YOUR TASK ▸
Below are the entries. Print only the lines starting at the one with "Nodule: negative" and ending at the one with "human: [s2_rgb_10]", exactly, with no pictures.

DATA TO EXAMINE ▸

◇ ◇ ◇ ◇ ◇

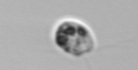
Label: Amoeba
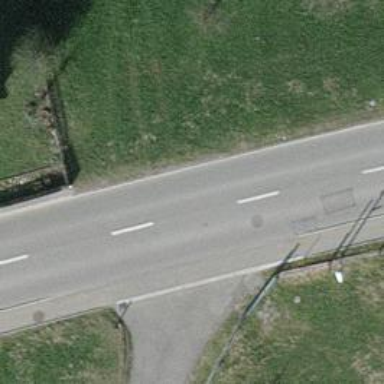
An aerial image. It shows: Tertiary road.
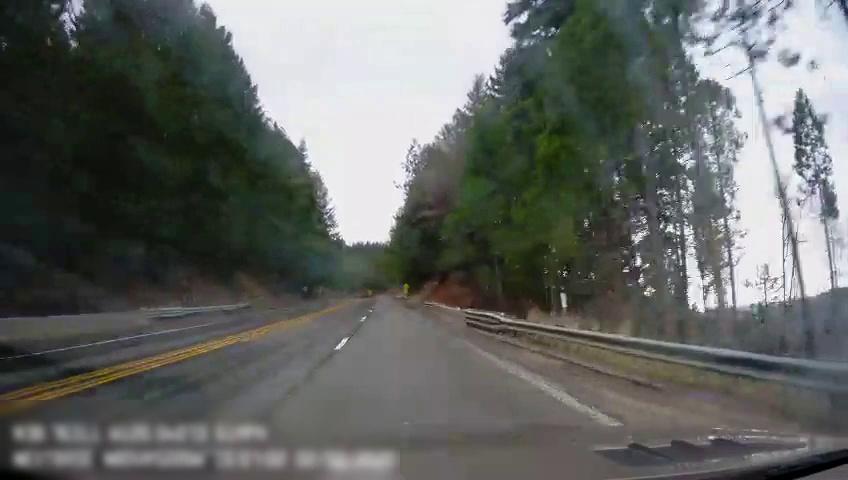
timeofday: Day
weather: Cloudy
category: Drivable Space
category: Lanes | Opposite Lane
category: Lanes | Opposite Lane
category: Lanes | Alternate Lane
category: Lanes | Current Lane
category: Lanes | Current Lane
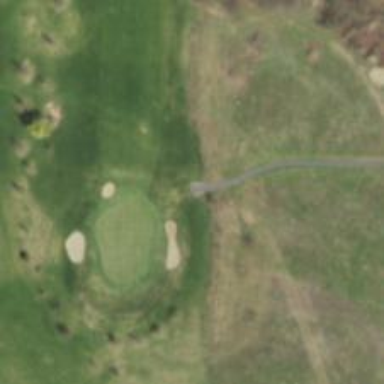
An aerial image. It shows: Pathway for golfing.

◇ ◇ ◇ ◇ ◇

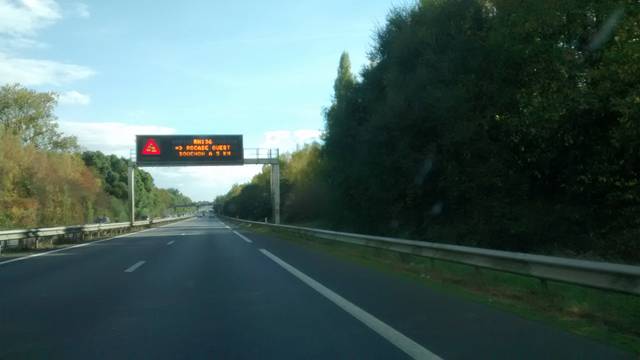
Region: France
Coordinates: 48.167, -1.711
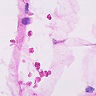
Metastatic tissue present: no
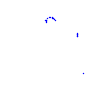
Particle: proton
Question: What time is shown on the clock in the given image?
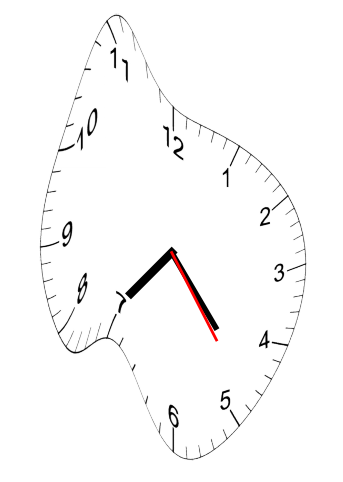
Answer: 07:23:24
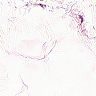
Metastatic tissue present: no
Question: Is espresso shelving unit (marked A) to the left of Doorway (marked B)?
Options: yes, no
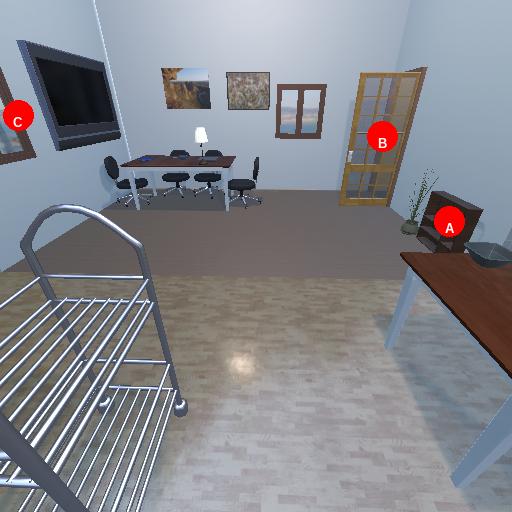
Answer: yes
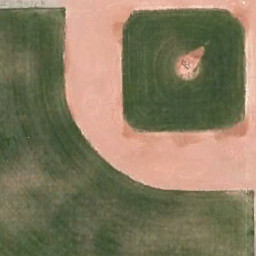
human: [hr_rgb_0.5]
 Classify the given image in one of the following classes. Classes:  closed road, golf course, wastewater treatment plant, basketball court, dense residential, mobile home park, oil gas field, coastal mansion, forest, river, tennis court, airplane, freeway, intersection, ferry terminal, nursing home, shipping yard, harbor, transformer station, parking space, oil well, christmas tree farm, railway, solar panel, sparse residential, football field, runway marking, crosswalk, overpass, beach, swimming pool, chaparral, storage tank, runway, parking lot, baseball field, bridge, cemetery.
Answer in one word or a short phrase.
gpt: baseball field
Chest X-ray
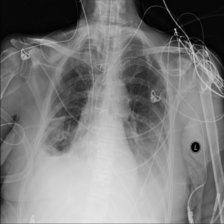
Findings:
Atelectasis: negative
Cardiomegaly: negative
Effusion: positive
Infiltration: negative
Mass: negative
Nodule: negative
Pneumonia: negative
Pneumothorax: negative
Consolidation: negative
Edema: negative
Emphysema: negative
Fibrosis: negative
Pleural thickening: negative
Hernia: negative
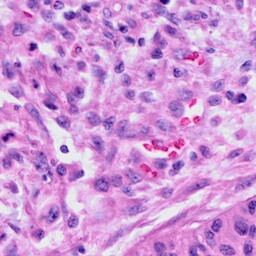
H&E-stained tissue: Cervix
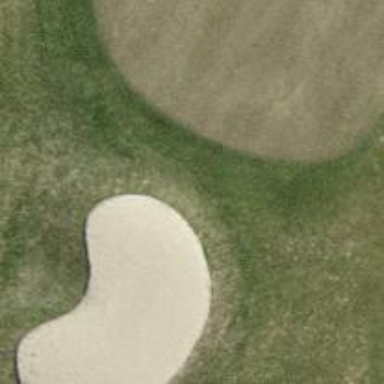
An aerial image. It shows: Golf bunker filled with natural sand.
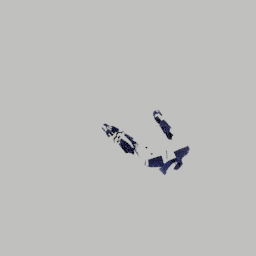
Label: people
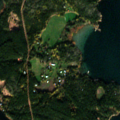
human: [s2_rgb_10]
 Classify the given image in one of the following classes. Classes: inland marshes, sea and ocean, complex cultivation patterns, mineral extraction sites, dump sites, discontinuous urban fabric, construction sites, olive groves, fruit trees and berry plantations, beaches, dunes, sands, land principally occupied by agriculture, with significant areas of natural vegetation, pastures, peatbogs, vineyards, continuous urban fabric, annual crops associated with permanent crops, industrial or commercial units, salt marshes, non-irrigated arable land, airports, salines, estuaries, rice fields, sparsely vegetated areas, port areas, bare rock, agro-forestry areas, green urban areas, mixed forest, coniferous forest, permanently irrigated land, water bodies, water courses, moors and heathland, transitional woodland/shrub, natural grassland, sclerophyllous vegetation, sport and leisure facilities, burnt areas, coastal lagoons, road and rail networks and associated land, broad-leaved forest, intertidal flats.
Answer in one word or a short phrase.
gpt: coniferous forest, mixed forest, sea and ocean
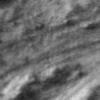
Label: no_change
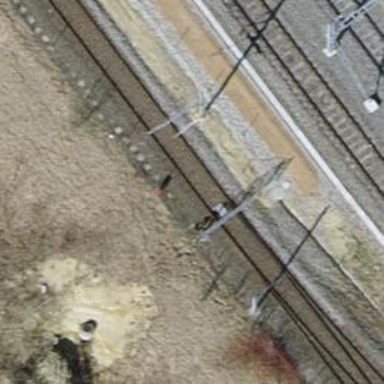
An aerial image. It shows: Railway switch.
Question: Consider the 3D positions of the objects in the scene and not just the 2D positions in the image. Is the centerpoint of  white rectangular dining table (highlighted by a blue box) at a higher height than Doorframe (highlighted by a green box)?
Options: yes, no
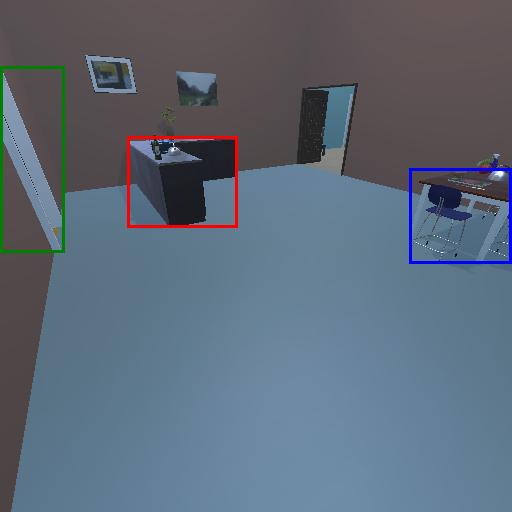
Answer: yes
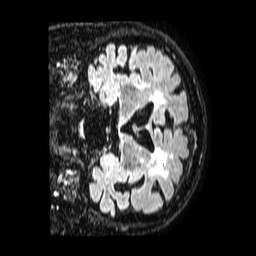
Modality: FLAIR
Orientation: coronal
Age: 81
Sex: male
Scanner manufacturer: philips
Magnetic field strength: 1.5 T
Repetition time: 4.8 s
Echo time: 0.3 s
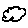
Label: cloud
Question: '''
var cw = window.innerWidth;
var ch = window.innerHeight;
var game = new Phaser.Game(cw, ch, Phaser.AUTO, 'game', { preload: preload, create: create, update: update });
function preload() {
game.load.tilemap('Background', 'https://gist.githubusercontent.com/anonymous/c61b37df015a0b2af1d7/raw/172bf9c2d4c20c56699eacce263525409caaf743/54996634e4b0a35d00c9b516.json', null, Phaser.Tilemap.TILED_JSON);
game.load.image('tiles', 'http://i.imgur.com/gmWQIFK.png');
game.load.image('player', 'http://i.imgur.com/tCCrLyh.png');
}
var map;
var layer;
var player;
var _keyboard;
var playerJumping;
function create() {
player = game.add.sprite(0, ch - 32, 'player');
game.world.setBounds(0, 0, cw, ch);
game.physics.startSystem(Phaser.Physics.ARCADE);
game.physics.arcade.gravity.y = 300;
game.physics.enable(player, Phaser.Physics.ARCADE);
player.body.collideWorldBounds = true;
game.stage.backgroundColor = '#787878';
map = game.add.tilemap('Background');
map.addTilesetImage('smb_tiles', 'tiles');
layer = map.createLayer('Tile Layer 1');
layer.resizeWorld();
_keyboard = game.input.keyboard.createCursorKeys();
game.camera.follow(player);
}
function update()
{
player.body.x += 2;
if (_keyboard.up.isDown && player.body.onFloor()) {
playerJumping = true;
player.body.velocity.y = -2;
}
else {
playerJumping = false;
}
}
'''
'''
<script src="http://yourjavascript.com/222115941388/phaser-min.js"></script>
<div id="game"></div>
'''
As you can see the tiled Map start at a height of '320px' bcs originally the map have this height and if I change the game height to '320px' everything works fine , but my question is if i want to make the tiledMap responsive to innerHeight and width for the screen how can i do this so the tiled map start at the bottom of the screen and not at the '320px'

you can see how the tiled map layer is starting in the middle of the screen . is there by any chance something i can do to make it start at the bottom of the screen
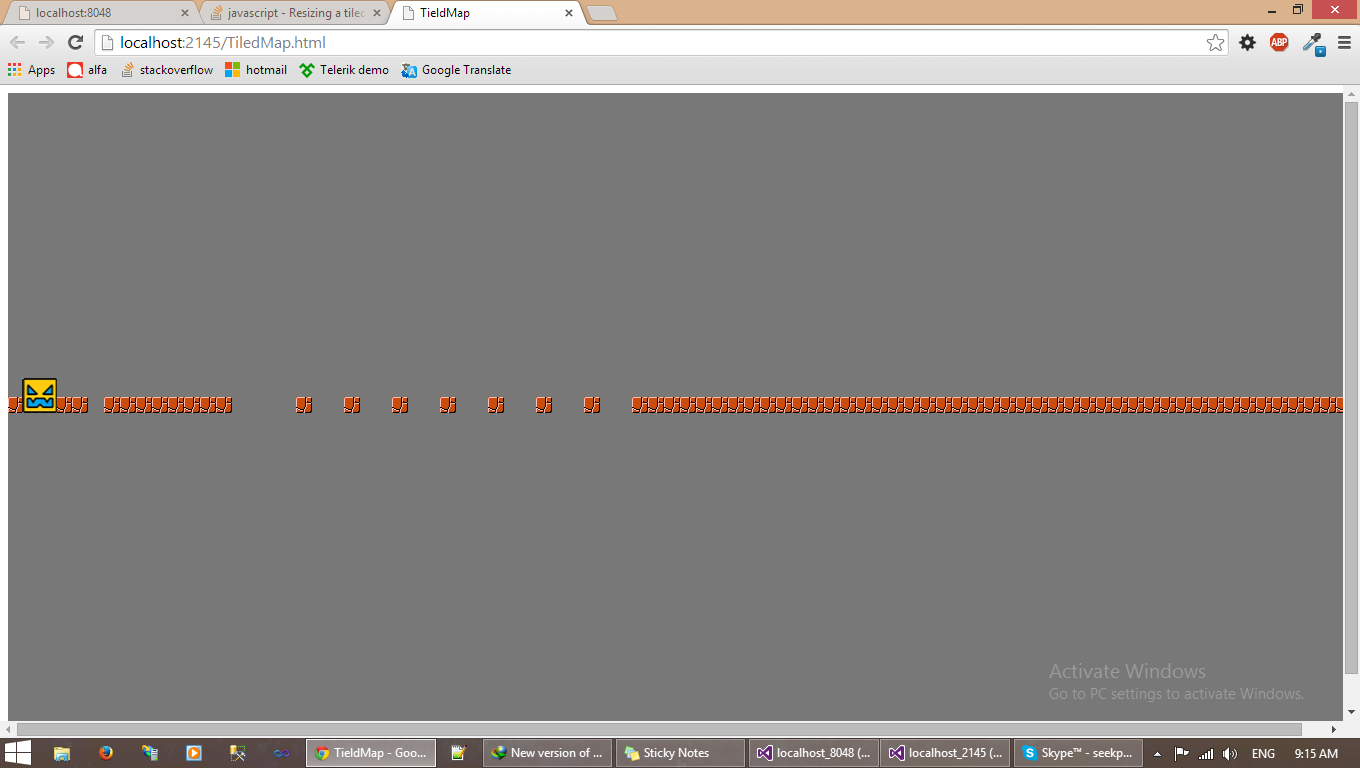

◇ ◇ ◇ ◇ ◇

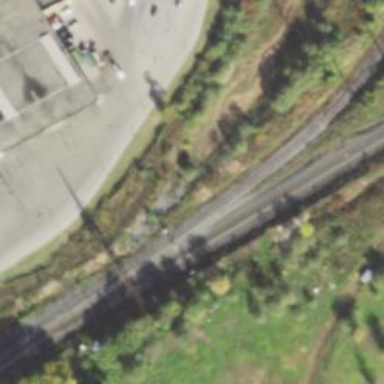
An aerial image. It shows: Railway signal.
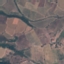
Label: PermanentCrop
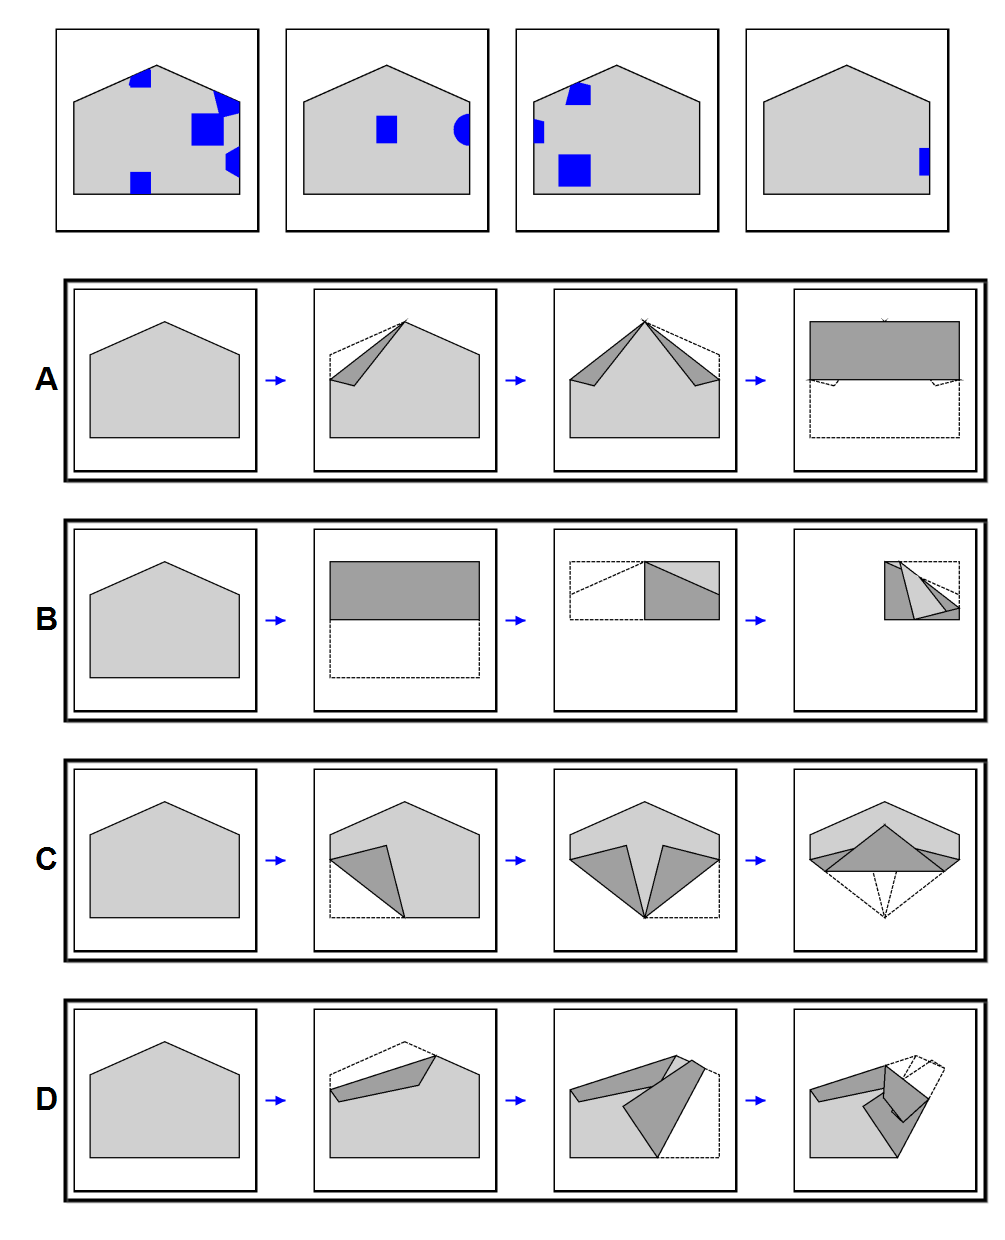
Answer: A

◇ ◇ ◇ ◇ ◇

TASK ANSWER ▸
Nodule: negative
Pneumonia: negative
Pneumothorax: negative
Consolidation: negative
Edema: negative
Emphysema: negative
Fibrosis: negative
Pleural thickening: negative
Hernia: negative
H&E-stained tissue: Cervix
An aerial image. It shows: Golf bunker filled with natural sand.
Label: people
human: [s2_rgb_10]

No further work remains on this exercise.